- Ciulla's mugshot
- Born: c. 1943
- Died: June 6, 2003 (aged 60) Revere, Massachusetts, U.S.
- Other names: Tony Capra, Fat Tony
- Citizenship: American
- Years active: 1971-1975
- Organization: Winter Hill Gang
- Known for: Fixed horse races
- Criminal status: Convicted
- Criminal charge: Fixing thoroughbred races
- Penalty: 4 to 6 years imprisonment
- Accomplices: Mark Gerard, Con Errico, Jorge Velásquez
- Comments: His testimony led to the conviction of 40 people. He was later put in the Federal Witness Protection Program

Details
- Victims: Michael Hole

= Anthony Ciulla =

American criminal

Anthony Ciulla, later Tony Capra (c. 1943 – June 6, 2003) was an American criminal, convicted of bribing jockeys and fixing horse races. He was connected to the Boston-based Winter Hill Gang and later testified against several members of the organization.

== Biography ==
Anthony Ciulla was the son of a fishmonger. Ciulla began his career horse doping in races at county fairs. He later decided that bribing jockeys was the best way to fix races, since post race drug testing made it difficult to get away with doping.

Ciulla was able to influence jockeys through a combination of cash bribes, some as high as $10,000, and physical intimidation. When bribes failed, he used a combination of physical intimidation and his connections to the Boston-based Winter Hill Gang. The Winter Hill Gang became involved with Ciulla despite warnings from Jerry Angiulo that he could not be trusted.

He soon expanded his operations throughout the Eastern and Midwestern United States, although he was primarily active in the New York area. Ciulla often bribed jockeys who rode the betting favorite, and instructed them not to win the race. Ciulla then bet money on the long shots, with a chance of bigger payouts.

=== Arrest, conviction and witness protection ===
In 1975, Ciulla's activities came to light when a jockey he bribed, Peter Fantini, made an obvious display of restraining his horse during a race and became the subject of an investigation. Under police questioning, Fantini revealed Ciulla's activities. Ciulla was also implicated by jockey Michael Hole who reported that Ciulla approached him and tried to bribe him to pull a horse during a race at the Saratoga Race Course in 1974. Hole would later die under mysterious circumstances in 1976, which was later ruled a suicide.

Ciulla was convicted of fixing thoroughbred races in Massachusetts and Rhode Island, and was sentenced to four to six years in prison. Ciulla agreed to cooperate with the United States Department of Justice in exchange for immunity, relocation and a new identity.

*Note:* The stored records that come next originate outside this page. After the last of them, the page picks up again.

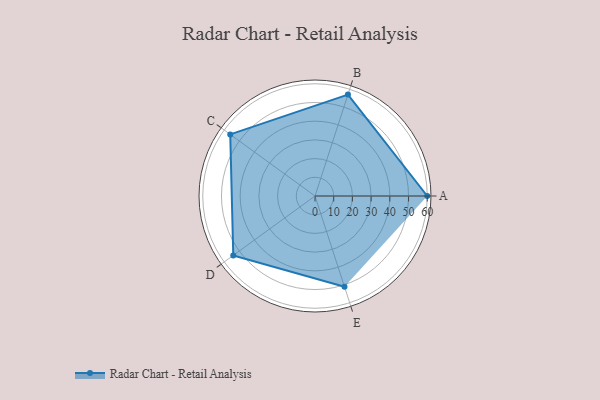
{"axis": {"x": "Skill", "y": "Score"}, "legend": ["Profile"], "data": [{"x": "A", "y": 60.0, "type": "Profile"}, {"x": "B", "y": 57.0, "type": "Profile"}, {"x": "C", "y": 56.0, "type": "Profile"}, {"x": "D", "y": 54.0, "type": "Profile"}, {"x": "E", "y": 51.0, "type": "Profile"}]}
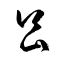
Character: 昌
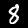
Digit: 8
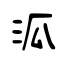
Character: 泒

In November 1978, Ciulla became a major witness in the federal government's investigation into horse racing. He then entered United States Federal Witness Protection Program under the new name Tony Capra. While on trial, Ciulla admitted to a number of crimes, including racing under assumed names, tax evasion and bribing jockeys with cocaine. His testimony proved key to the conviction of several jockeys and trainers, ending their careers. Ciulla implicated mob boss Whitey Bulger and his partner Stephen Flemmi in the horse fixing ring, but the two had recently become informants for the Federal Bureau of Investigation and were not prosecuted.

=== Later life and death ===
Ciulla lived in Malibu, California for a time under the identity of Tony Capra. In an interview with Sports Illustrated, he implicated well-known jockeys in the race fixing, including Angel Cordero, Jorge Velásquez and Jacinto Vásquez. Ciulla claimed to have fixed hundreds of races over the course of his career. Ciulla hoped to have a book and movie deal about his biography after the trial, but no projects ever materialized.

In 1992, Ciulla was arrested at his home in Newport Beach, California and was reportedly awaiting extradition to Switzerland on charges related to an alleged investment scam.

Ciulla reportedly died of a heart attack on June 6, 2003, in Revere, Massachusetts.